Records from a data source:
--------------------

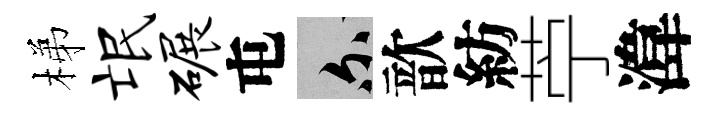
梯氓碾屯爾歆紡苧湋
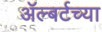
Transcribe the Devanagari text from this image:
ॲल्बर्टच्या
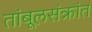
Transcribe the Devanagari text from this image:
तांबूलसंक्रांत
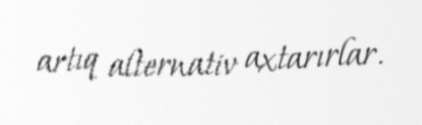
artıq alternativ axtarırlar.
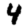
Digit: 4
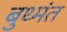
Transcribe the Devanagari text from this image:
बुध्मंत
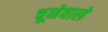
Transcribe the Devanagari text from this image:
चूनेवाले
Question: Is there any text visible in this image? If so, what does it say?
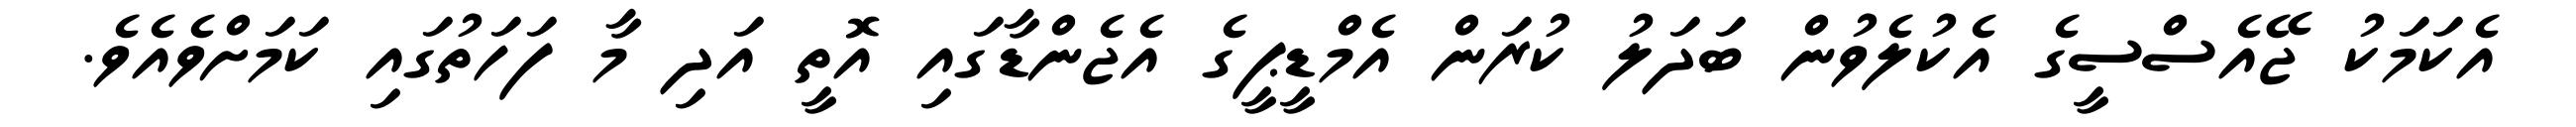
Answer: އެކަމަކު ޖޭއެސްސީގެ އެކުލެވުން ބަދަލު ކުރަން އެމްޑީޕީގެ އެޖެންޑާގައި އޮތީ އަދި މާ ފަހަތުގައި ކަމަށްވެއެވެ.
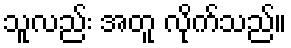
သူလည်း အတူ လိုက်သည်။
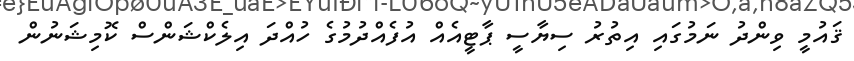
ޤައުމީ ވިންދު ނަމުގައި އިތުރު ސިޔާސީ ޕާޓީއެއް އުފެއްދުމުގެ ހުއްދަ އިލެކްޝަންސް ކޮމިޝަނުން
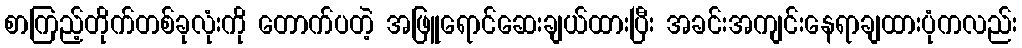
စာကြည့်တိုက်တစ်ခုလုံးကို တောက်ပတဲ့ အဖြူရောင်ဆေးချယ်ထားပြီး အခင်းအကျင်းနေရာချထားပုံကလည်း
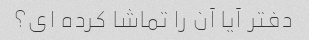
دفتر آیا آن را تماشا کرده ای؟
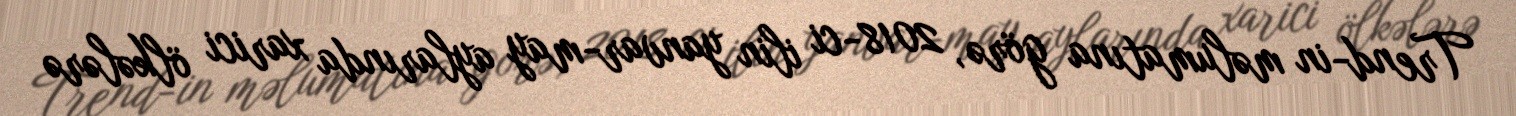
Trend-in məlumatına görə, 2018-ci ilin yanvar-may aylarında xarici ölkələrə
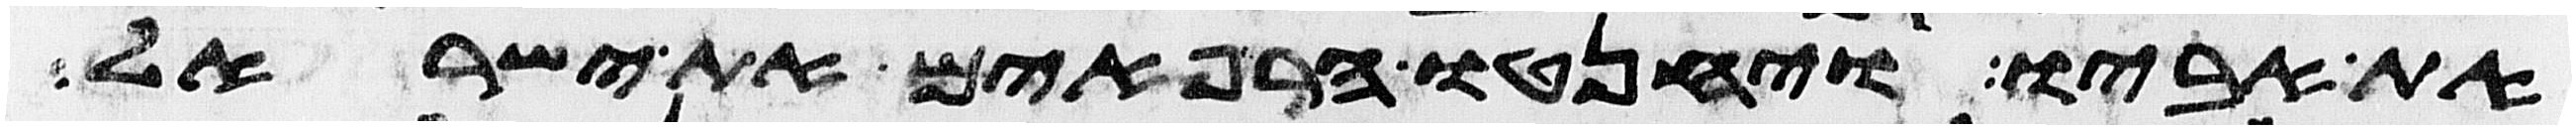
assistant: את אביו ויחנטו הרפאים את ישראל
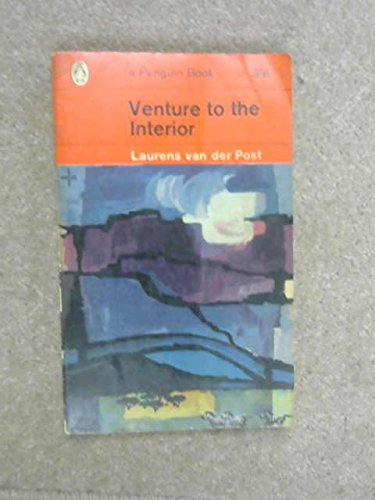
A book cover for Venture To The Interior; Laurens Van Der Post; Travel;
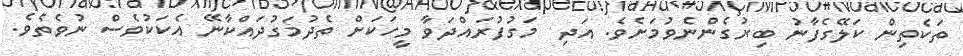
ތަކެތިން ކަލޭގެފާނު ބިރުގެންނެވުމަށެވެ. އަދި  މަގުފުރައްދަވާ މީހަކަށް ތެދުމަގުދައްކާނޭ އެކަކުވެސް ނުވެތެވެ.
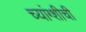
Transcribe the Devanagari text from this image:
च्यांग्शीची
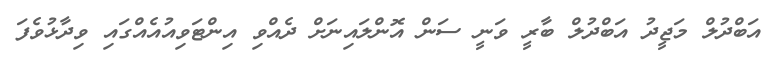
އަބްދުލް މަޖީދު އަބްދުލް ބާރީ ވަނީ ސަން އޮންލައިނަށް ދެއްވި އިންޓަވިއުއެއްގައި ވިދާޅުވެފަ
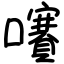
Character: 㘔
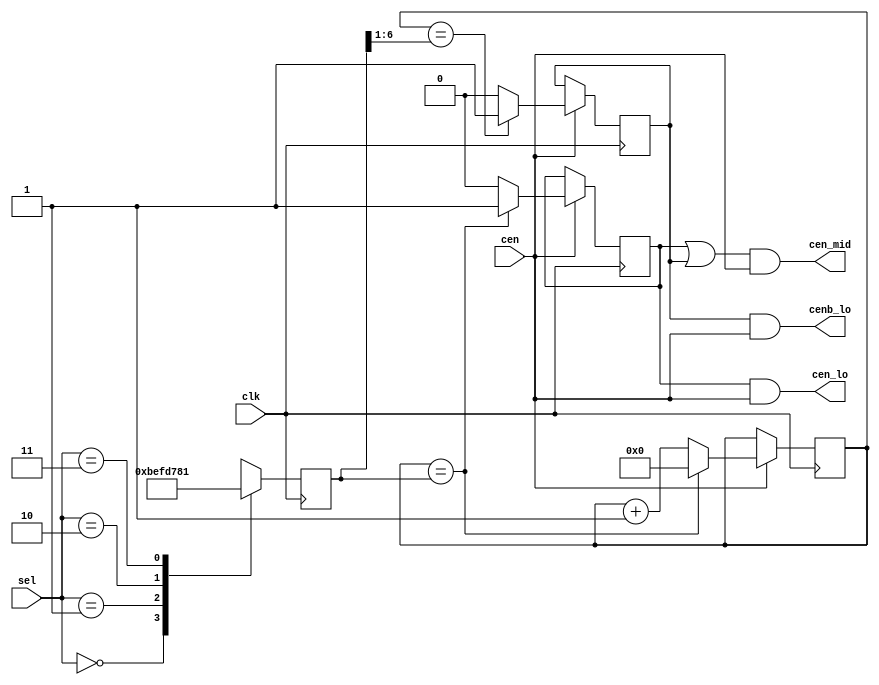
/*
  
   Multicore 2 / Multicore 2+
  
   Copyright (c) 2017-2020 - Victor Trucco

  
   All rights reserved
  
   Redistribution and use in source and synthezised forms, with or without
   modification, are permitted provided that the following conditions are met:
  
   Redistributions of source code must retain the above copyright notice,
   this list of conditions and the following disclaimer.
  
   Redistributions in synthesized form must reproduce the above copyright
   notice, this list of conditions and the following disclaimer in the
   documentation and/or other materials provided with the distribution.
  
   Neither the name of the author nor the names of other contributors may
   be used to endorse or promote products derived from this software without
   specific prior written permission.
  
   THIS CODE IS PROVIDED BY THE COPYRIGHT HOLDERS AND CONTRIBUTORS "AS IS"
   AND ANY EXPRESS OR IMPLIED WARRANTIES, INCLUDING, BUT NOT LIMITED TO,
   THE IMPLIED WARRANTIES OF MERCHANTABILITY AND FITNESS FOR A PARTICULAR
   PURPOSE ARE DISCLAIMED. IN NO EVENT SHALL THE AUTHOR OR CONTRIBUTORS BE
   LIABLE FOR ANY DIRECT, INDIRECT, INCIDENTAL, SPECIAL, EXEMPLARY, OR
   CONSEQUENTIAL DAMAGES (INCLUDING, BUT NOT LIMITED TO, PROCUREMENT OF
   SUBSTITUTE GOODS OR SERVICES; LOSS OF USE, DATA, OR PROFITS; OR BUSINESS
   INTERRUPTION) HOWEVER CAUSED AND ON ANY THEORY OF LIABILITY, WHETHER IN
   CONTRACT, STRICT LIABILITY, OR TORT (INCLUDING NEGLIGENCE OR OTHERWISE)
   ARISING IN ANY WAY OUT OF THE USE OF THIS SOFTWARE, EVEN IF ADVISED OF THE
   POSSIBILITY OF SUCH DAMAGE.
  
   You are responsible for any legal issues arising from your use of this code.
  
*//*  This file is part of JT5205.
    JT5205 program is free software: you can redistribute it and/or modify
    it under the terms of the GNU General Public License as published by
    the Free Software Foundation, either version 3 of the License, or
    (at your option) any later version.

    JT5205 program is distributed in the hope that it will be useful,
    but WITHOUT ANY WARRANTY; without even the implied warranty of
    MERCHANTABILITY or FITNESS FOR A PARTICULAR PURPOSE.  See the
    GNU General Public License for more details.

    You should have received a copy of the GNU General Public License
    along with JT5205.  If not, see <http://www.gnu.org/licenses/>.

    Author: Jose Tejada Gomez. Twitter: @topapate
    Version: 1.0
    Date: 30-10-2019 */

module jt5205_timing(
    input             clk,
    (* direct_enable *) input cen,
    input      [ 1:0] sel,        // s pin
    output            cen_lo,
    output            cenb_lo,
    output            cen_mid
);

reg [6:0] cnt=7'd0;
reg       pre=1'b0, preb=1'b0;
reg [6:0] lim;

always @(posedge clk) begin
    case(sel)
        2'd0: lim <= 7'd95;
        2'd1: lim <= 7'd63;
        2'd2: lim <= 7'd47;
        2'd3: lim <= 7'd1;
    endcase
end

always @(posedge clk) begin
    if(cen) begin
        cnt    <= cnt + 7'd1;
        pre    <= 1'b0;
        preb   <= 1'b0;
        if(cnt==lim) begin
            cnt <= 7'd0;
            pre <= 1'b1;
        end
        if(cnt==(lim>>1)) preb <=1'b1;
    end
end

assign cen_lo  = pre &cen;
assign cenb_lo = preb&cen;
assign cen_mid = (pre|preb)&cen;

endmodule
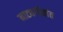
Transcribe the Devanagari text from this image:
नाट्यगीतांत
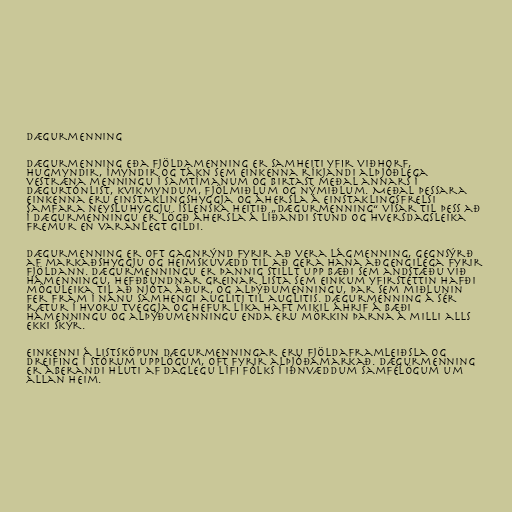
Dægurmenning

Dægurmenning eða fjöldamenning er samheiti yfir viðhorf,
hugmyndir, ímyndir og tákn sem einkenna ríkjandi alþjóðlega
vestræna menningu í samtímanum og birtast meðal annars í
dægurtónlist, kvikmyndum, fjölmiðlum og nýmiðlum. Meðal þessara
einkenna eru einstaklingshyggja og áhersla á einstaklingsfrelsi
samfara neysluhyggju. Íslenska heitið „dægurmenning“ vísar til þess að
í dægurmenningu er lögð áhersla á líðandi stund og hversdagsleika
fremur en varanlegt gildi.

Dægurmenning er oft gagnrýnd fyrir að vera lágmenning, gegnsýrð
af markaðshyggju og heimskuvædd til að gera hana aðgengilega fyrir
fjöldann. Dægurmenningu er þannig stillt upp bæði sem andstæðu við
hámenningu, hefðbundnar greinar lista sem einkum yfirstéttin hafði
möguleika til að njóta áður, og alþýðumenningu, þar sem miðlunin
fer fram í nánu samhengi augliti til auglitis. Dægurmenning á sér
rætur í hvoru tveggja og hefur líka haft mikil áhrif á bæði
hámenningu og alþýðumenningu enda eru mörkin þarna á milli alls
ekki skýr.

Einkenni á listsköpun dægurmenningar eru fjöldaframleiðsla og
dreifing í stórum upplögum, oft fyrir alþjóðamarkað. Dægurmenning
er áberandi hluti af daglegu lífi fólks í iðnvæddum samfélögum um
allan heim.
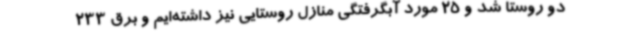
دو روستا شد و 25 مورد آبگرفتگی منازل روستایی نیز داشته‌ایم و برق 233
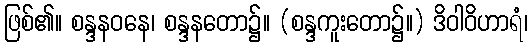
ဖြစ်၏။ စန္ဒနဝနေ၊ စန္ဒနတော၌။ (စန္ဒကူးတော၌။) ဒိဝါဝိဟာရံ၊
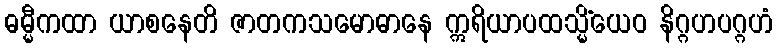
ဓမ္မီကထာ ယာစနေတိ ဇာတကသမောဓာနေ ဣရိယာပထသ္မိံယေဝ နိဂ္ဂဟပဂ္ဂဟံ
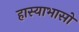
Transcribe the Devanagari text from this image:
हास्याभासो

--------------------

## ACTIVITY
All of the records should be set down exactly, minus the pictures they hold.

## RESULT OF THE EXERCISE
梯氓碾屯爾歆紡苧湋
Transcribe the Devanagari text from this image:
ॲल्बर्टच्या
Transcribe the Devanagari text from this image:
तांबूलसंक्रांत
artıq alternativ axtarırlar.
Digit: 4
Transcribe the Devanagari text from this image:
बुध्मंत
Transcribe the Devanagari text from this image:
चूनेवाले
Question: Is there any text visible in this image? If so, what does it say?
Answer: އެކަމަކު ޖޭއެސްސީގެ އެކުލެވުން ބަދަލު ކުރަން އެމްޑީޕީގެ އެޖެންޑާގައި އޮތީ އަދި މާ ފަހަތުގައި ކަމަށްވެއެވެ.
သူလည်း အတူ လိုက်သည်။
ޤައުމީ ވިންދު ނަމުގައި އިތުރު ސިޔާސީ ޕާޓީއެއް އުފެއްދުމުގެ ހުއްދަ އިލެކްޝަންސް ކޮމިޝަނުން
စာကြည့်တိုက်တစ်ခုလုံးကို တောက်ပတဲ့ အဖြူရောင်ဆေးချယ်ထားပြီး အခင်းအကျင်းနေရာချထားပုံကလည်း
دفتر آیا آن را تماشا کرده ای؟
Trend-in məlumatına görə, 2018-ci ilin yanvar-may aylarında xarici ölkələrə
assistant: את אביו ויחנטו הרפאים את ישראל
A book cover for Venture To The Interior; Laurens Van Der Post; Travel;
ތަކެތިން ކަލޭގެފާނު ބިރުގެންނެވުމަށެވެ. އަދި  މަގުފުރައްދަވާ މީހަކަށް ތެދުމަގުދައްކާނޭ އެކަކުވެސް ނުވެތެވެ.
Transcribe the Devanagari text from this image:
च्यांग्शीची
އަބްދުލް މަޖީދު އަބްދުލް ބާރީ ވަނީ ސަން އޮންލައިނަށް ދެއްވި އިންޓަވިއުއެއްގައި ވިދާޅުވެފަ
Character: 㘔
/*
  
   Multicore 2 / Multicore 2+
  
   Copyright (c) 2017-2020 - Victor Trucco

  
   All rights reserved
  
   Redistribution and use in source and synthezised forms, with or without
   modification, are permitted provided that the following conditions are met:
  
   Redistributions of source code must retain the above copyright notice,
   this list of conditions and the following disclaimer.
  
   Redistributions in synthesized form must reproduce the above copyright
   notice, this list of conditions and the following disclaimer in the
   documentation and/or other materials provided with the distribution.
  
   Neither the name of the author nor the names of other contributors may
   be used to endorse or promote products derived from this software without
   specific prior written permission.
  
   THIS CODE IS PROVIDED BY THE COPYRIGHT HOLDERS AND CONTRIBUTORS "AS IS"
   AND ANY EXPRESS OR IMPLIED WARRANTIES, INCLUDING, BUT NOT LIMITED TO,
   THE IMPLIED WARRANTIES OF MERCHANTABILITY AND FITNESS FOR A PARTICULAR
   PURPOSE ARE DISCLAIMED. IN NO EVENT SHALL THE AUTHOR OR CONTRIBUTORS BE
   LIABLE FOR ANY DIRECT, INDIRECT, INCIDENTAL, SPECIAL, EXEMPLARY, OR
   CONSEQUENTIAL DAMAGES (INCLUDING, BUT NOT LIMITED TO, PROCUREMENT OF
   SUBSTITUTE GOODS OR SERVICES; LOSS OF USE, DATA, OR PROFITS; OR BUSINESS
   INTERRUPTION) HOWEVER CAUSED AND ON ANY THEORY OF LIABILITY, WHETHER IN
   CONTRACT, STRICT LIABILITY, OR TORT (INCLUDING NEGLIGENCE OR OTHERWISE)
   ARISING IN ANY WAY OUT OF THE USE OF THIS SOFTWARE, EVEN IF ADVISED OF THE
   POSSIBILITY OF SUCH DAMAGE.
  
   You are responsible for any legal issues arising from your use of this code.
  
*//*  This file is part of JT5205.
    JT5205 program is free software: you can redistribute it and/or modify
    it under the terms of the GNU General Public License as published by
    the Free Software Foundation, either version 3 of the License, or
    (at your option) any later version.

    JT5205 program is distributed in the hope that it will be useful,
    but WITHOUT ANY WARRANTY; without even the implied warranty of
    MERCHANTABILITY or FITNESS FOR A PARTICULAR PURPOSE.  See the
    GNU General Public License for more details.

    You should have received a copy of the GNU General Public License
    along with JT5205.  If not, see <http://www.gnu.org/licenses/>.

    Author: Jose Tejada Gomez. Twitter: @topapate
    Version: 1.0
    Date: 30-10-2019 */

module jt5205_timing(
    input             clk,
    (* direct_enable *) input cen,
    input      [ 1:0] sel,        // s pin
    output            cen_lo,
    output            cenb_lo,
    output            cen_mid
);

reg [6:0] cnt=7'd0;
reg       pre=1'b0, preb=1'b0;
reg [6:0] lim;

always @(posedge clk) begin
    case(sel)
        2'd0: lim <= 7'd95;
        2'd1: lim <= 7'd63;
        2'd2: lim <= 7'd47;
        2'd3: lim <= 7'd1;
    endcase
end

always @(posedge clk) begin
    if(cen) begin
        cnt    <= cnt + 7'd1;
        pre    <= 1'b0;
        preb   <= 1'b0;
        if(cnt==lim) begin
            cnt <= 7'd0;
            pre <= 1'b1;
        end
        if(cnt==(lim>>1)) preb <=1'b1;
    end
end

assign cen_lo  = pre &cen;
assign cenb_lo = preb&cen;
assign cen_mid = (pre|preb)&cen;

endmodule
Transcribe the Devanagari text from this image:
नाट्यगीतांत
Dægurmenning

Dægurmenning eða fjöldamenning er samheiti yfir viðhorf,
hugmyndir, ímyndir og tákn sem einkenna ríkjandi alþjóðlega
vestræna menningu í samtímanum og birtast meðal annars í
dægurtónlist, kvikmyndum, fjölmiðlum og nýmiðlum. Meðal þessara
einkenna eru einstaklingshyggja og áhersla á einstaklingsfrelsi
samfara neysluhyggju. Íslenska heitið „dægurmenning“ vísar til þess að
í dægurmenningu er lögð áhersla á líðandi stund og hversdagsleika
fremur en varanlegt gildi.

Dægurmenning er oft gagnrýnd fyrir að vera lágmenning, gegnsýrð
af markaðshyggju og heimskuvædd til að gera hana aðgengilega fyrir
fjöldann. Dægurmenningu er þannig stillt upp bæði sem andstæðu við
hámenningu, hefðbundnar greinar lista sem einkum yfirstéttin hafði
möguleika til að njóta áður, og alþýðumenningu, þar sem miðlunin
fer fram í nánu samhengi augliti til auglitis. Dægurmenning á sér
rætur í hvoru tveggja og hefur líka haft mikil áhrif á bæði
hámenningu og alþýðumenningu enda eru mörkin þarna á milli alls
ekki skýr.

Einkenni á listsköpun dægurmenningar eru fjöldaframleiðsla og
dreifing í stórum upplögum, oft fyrir alþjóðamarkað. Dægurmenning
er áberandi hluti af daglegu lífi fólks í iðnvæddum samfélögum um
allan heim.
دو روستا شد و 25 مورد آبگرفتگی منازل روستایی نیز داشته‌ایم و برق 233
ဖြစ်၏။ စန္ဒနဝနေ၊ စန္ဒနတော၌။ (စန္ဒကူးတော၌။) ဒိဝါဝိဟာရံ၊
ဓမ္မီကထာ ယာစနေတိ ဇာတကသမောဓာနေ ဣရိယာပထသ္မိံယေဝ နိဂ္ဂဟပဂ္ဂဟံ
Transcribe the Devanagari text from this image:
हास्याभासो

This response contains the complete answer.